都市の求人は諦めていた――小児科の常勤にこだわった私が、家族と過疎の町で見つけた居場所
退職後に募る焦り――小児科常勤という、あまりに少ない椅子
私は40代の小児科医です。それまで他府県の公的診療所で常勤医として勤務していましたが、自宅との往復を続けていくことを考えると、この先も働き続けるのは難しいと判断し、退職を決意しました。望んでいたのは、診療所(クリニック)で小児科の常勤医として腰を据えて働くこと。すでに複数の会社に求人を打診していましたが、そもそも小児科常勤の案件は絶対数が少なく、希望に沿うものは一つも見つかりませんでした。退職はすでに済ませており、早く次の勤務先を決めたいという焦りだけが募っていく日々。藁にもすがる思いで、私はイードクターへ問い合わせをしました。
面談で持参された一枚――遠方ゆえに、即座に断った求人
まずはご挨拶と求人紹介のための面談の場を設けていただきました。
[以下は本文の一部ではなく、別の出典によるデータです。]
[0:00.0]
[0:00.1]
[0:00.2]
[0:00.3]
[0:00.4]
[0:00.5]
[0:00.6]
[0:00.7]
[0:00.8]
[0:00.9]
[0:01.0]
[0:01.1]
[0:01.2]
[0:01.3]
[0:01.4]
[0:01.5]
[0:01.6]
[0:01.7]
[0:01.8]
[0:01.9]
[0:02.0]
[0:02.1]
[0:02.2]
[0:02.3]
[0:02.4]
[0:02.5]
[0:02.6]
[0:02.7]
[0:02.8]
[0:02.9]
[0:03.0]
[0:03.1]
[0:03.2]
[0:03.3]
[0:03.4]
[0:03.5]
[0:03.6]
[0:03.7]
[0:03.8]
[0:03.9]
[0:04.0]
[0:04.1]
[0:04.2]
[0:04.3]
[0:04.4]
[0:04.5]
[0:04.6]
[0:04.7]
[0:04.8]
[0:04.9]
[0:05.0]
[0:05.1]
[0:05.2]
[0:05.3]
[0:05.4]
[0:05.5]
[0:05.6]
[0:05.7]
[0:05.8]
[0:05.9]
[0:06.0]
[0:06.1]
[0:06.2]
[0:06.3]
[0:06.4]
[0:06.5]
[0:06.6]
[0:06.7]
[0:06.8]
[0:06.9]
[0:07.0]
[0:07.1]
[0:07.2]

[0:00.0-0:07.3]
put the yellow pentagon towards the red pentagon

担当のコンサルタントは、私が以前面接に伺った医療機関を事前にヒアリングした上で、それ以外の求人を当たってくれました。ただ、小児科の診療所は開業医がお一人で診ている所が多く、「非常勤なら」という話は聞けても、常勤までは必要ないという返事ばかり。当日は車で1時間半ほどかかる過疎地域の常勤求人を持参してくれましたが、遠方の勤務は考えにくく、私はその場でお断りしてしまいました。今は働いていない不安もあり、話は自然と非常勤へと切り替わっていきました。
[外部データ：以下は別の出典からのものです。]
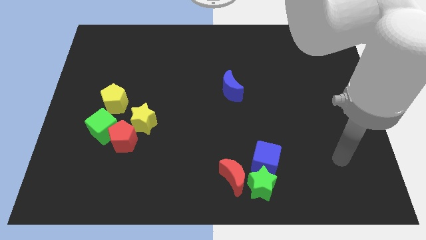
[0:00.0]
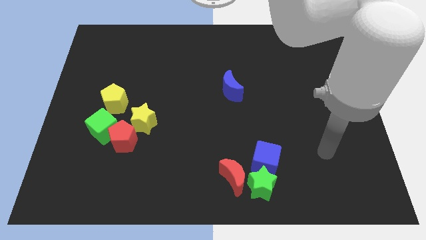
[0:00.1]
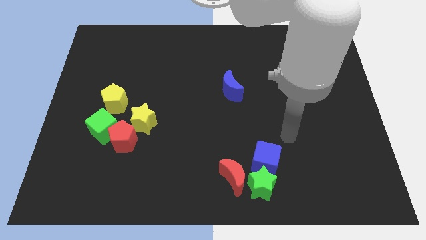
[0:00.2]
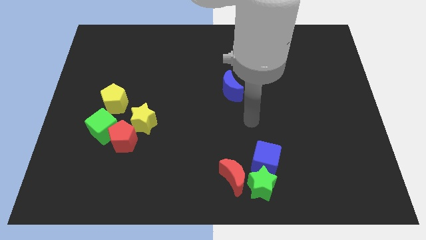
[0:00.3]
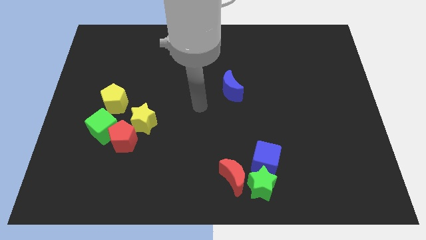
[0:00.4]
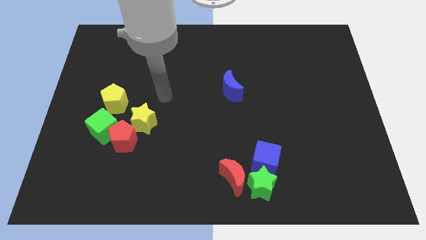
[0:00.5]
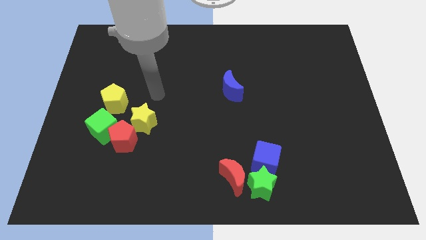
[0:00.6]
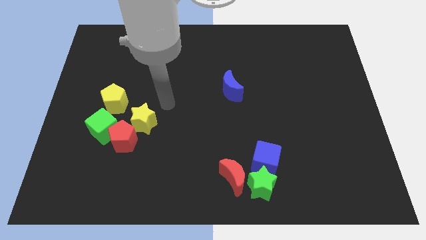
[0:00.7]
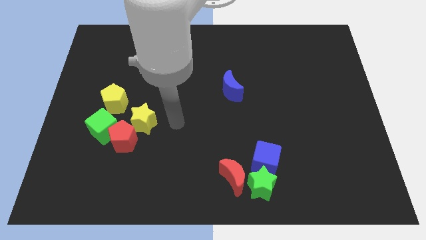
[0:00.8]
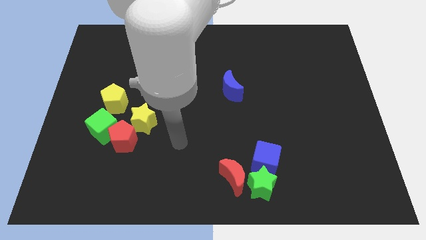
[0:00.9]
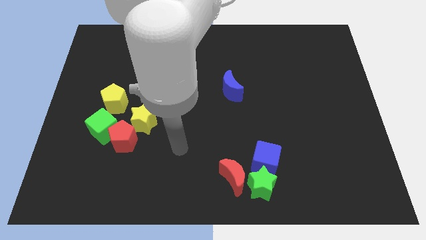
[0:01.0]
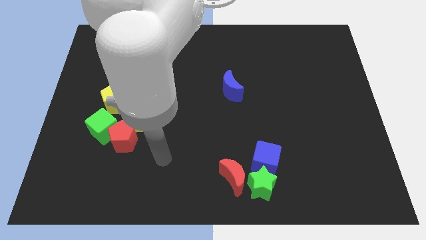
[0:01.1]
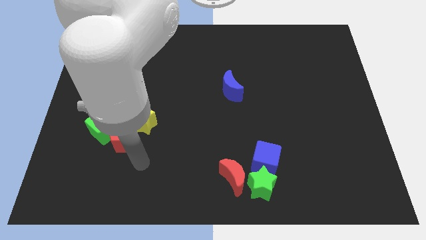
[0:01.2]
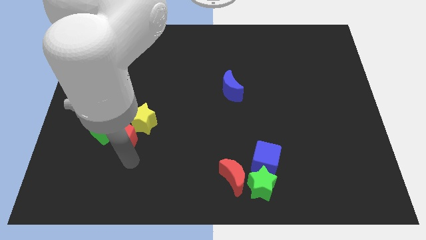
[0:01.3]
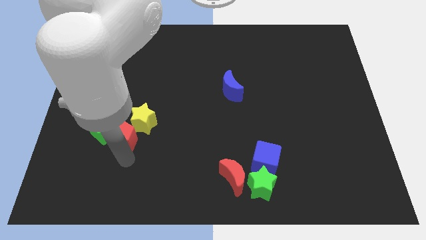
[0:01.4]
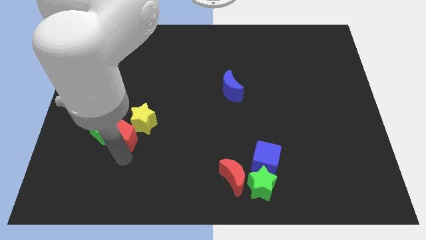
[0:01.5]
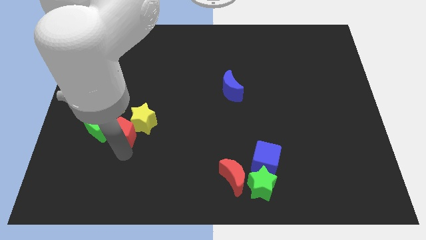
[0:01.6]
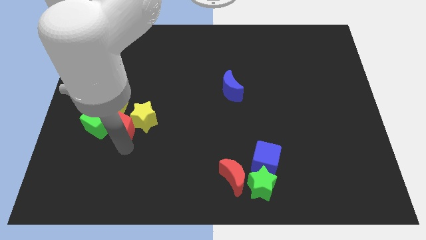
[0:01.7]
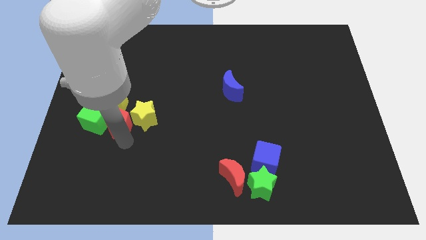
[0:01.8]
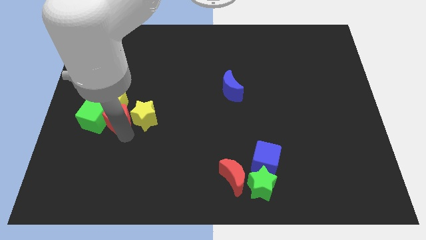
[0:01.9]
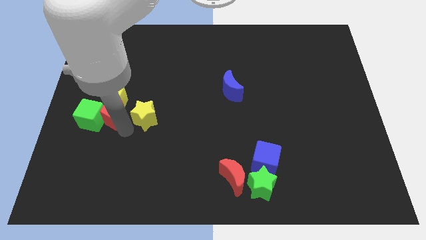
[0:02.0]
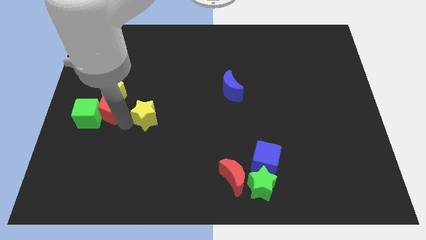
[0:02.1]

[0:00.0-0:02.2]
slide the red pentagon next to the yellow pentagon

一度は脇に置いた話――それでも、頭から離れなかった町
早く勤務を始めたい気持ちから、非常勤の面接の話はとんとん拍子に進み、常勤の話は一旦脇に置くことになりました。それでもコンサルタントは「常勤の求人が出ればすぐにご提案します」と言ってくれ、その後も粘り強く掘り起こしを続けてくれていたようです。私自身、小児科常勤の難しさは痛いほど感じていました。そんなある日、面談で勧めてもらった過疎地域の勤務のことが、なぜか頭から離れなくなり、「あの求人について、もう一度伺いたいことがあります」と、自分からメールを送っていました。
家族で出した答え――縁のある土地で、もう一度暮らす
一度は辞退した遠方の勤務でしたが、家族と何度も話し合ううちに、気持ちは大きく変わっていきました。実は幼い頃、父の勤務の関係でその過疎地域の近くで暮らしていた時期があり、今でも年に一度は訪れている、私たち家族にとって縁のある土地だったのです。環境も良く、もう一度あの地域で家族そろって暮らすのも悪くない――そんな結論に至り、私は前向きに検討したい旨をコンサルタントへ伝えました。話を聞いた先方の理事長は大変喜んでくださり、「まずは見学だけでも」と温かく迎え入れてくれました。
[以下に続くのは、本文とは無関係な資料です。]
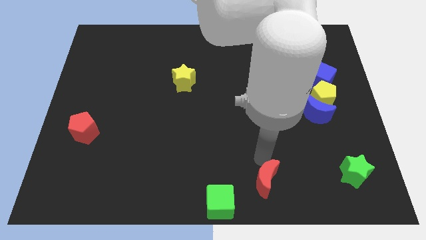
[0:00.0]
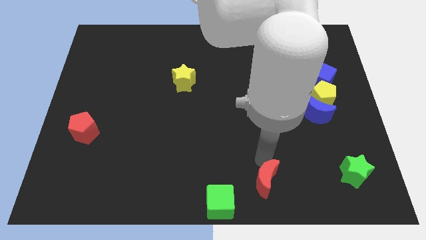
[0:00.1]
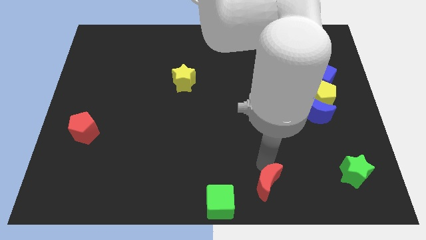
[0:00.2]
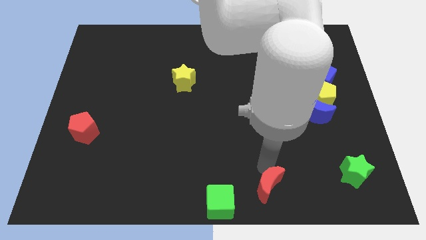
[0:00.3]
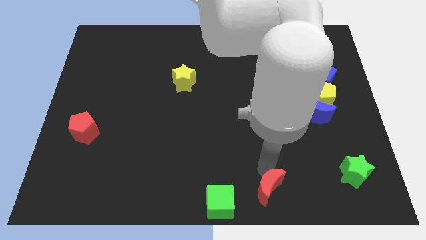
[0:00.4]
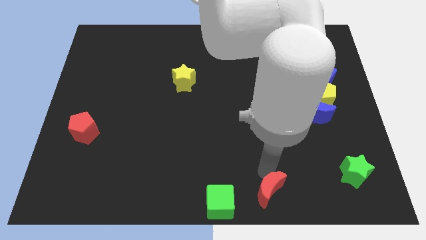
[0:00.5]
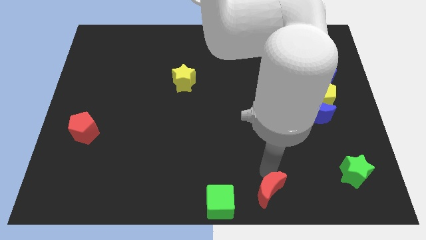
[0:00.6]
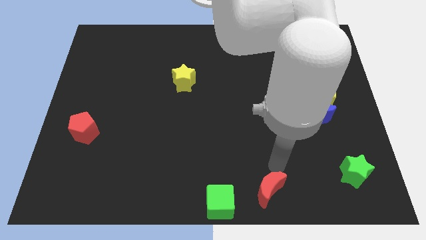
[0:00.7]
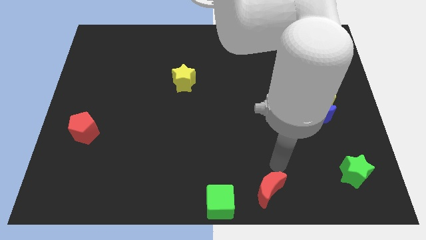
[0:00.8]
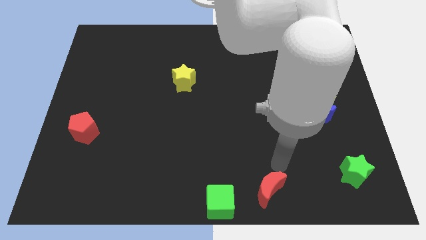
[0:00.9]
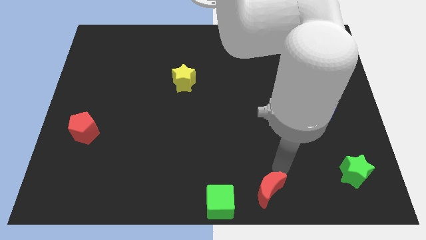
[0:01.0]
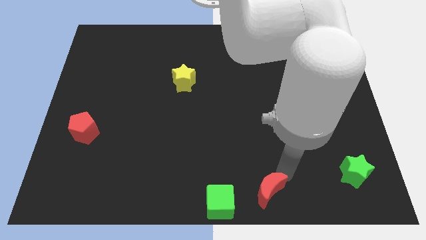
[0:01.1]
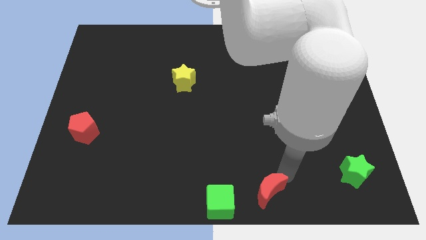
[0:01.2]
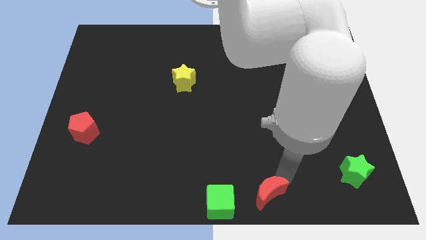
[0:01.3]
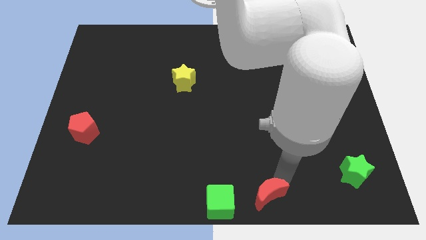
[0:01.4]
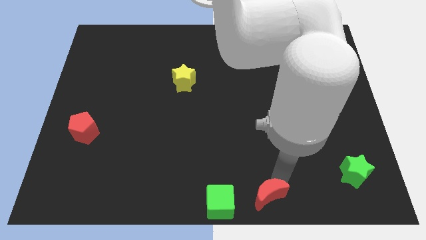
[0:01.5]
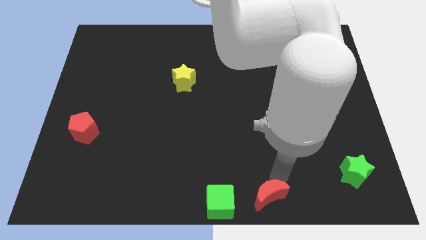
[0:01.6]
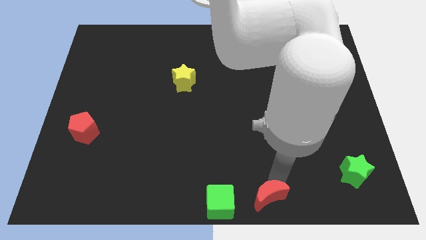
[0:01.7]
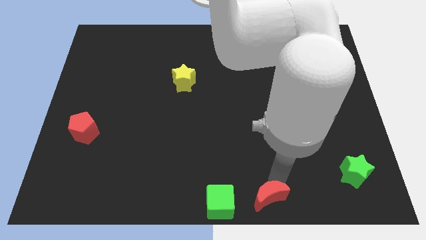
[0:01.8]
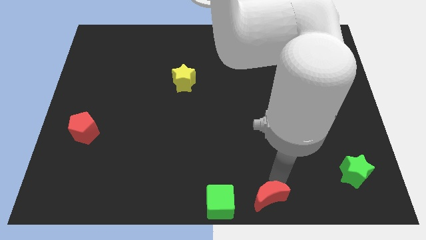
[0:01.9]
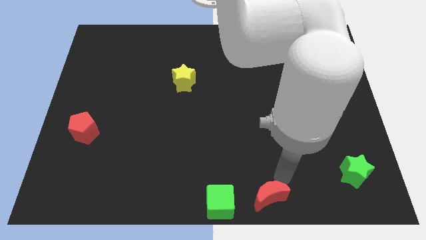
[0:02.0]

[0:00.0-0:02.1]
place the red moon to the right of the green cube

嘘のように充実した今――地域に愛される小児科医として
面接当日、理事長は二つの診療所を案内してくださり、市内の観光にまで気を配ってくださいました。職員の方々も明るく、ここでなら働きやすいと、その場で勤務を決意していました。理事長からは「よくこの地域に常勤医を紹介してくれた」と感謝され、転居や住居の手配まで法人がすべて整えてくれたおかげで、入職はスムーズに進みました。常勤先が決まらず体調を崩した時期もありましたが、今はそれが嘘のように充実した毎日です。都市を希望する医師が多い中、家族とともに地域医療へ貢献できたのは、最後まで諦めずに支えてくれたコンサルタントのおかげ。これからも、地域に愛される小児科医であり続けたいと思います。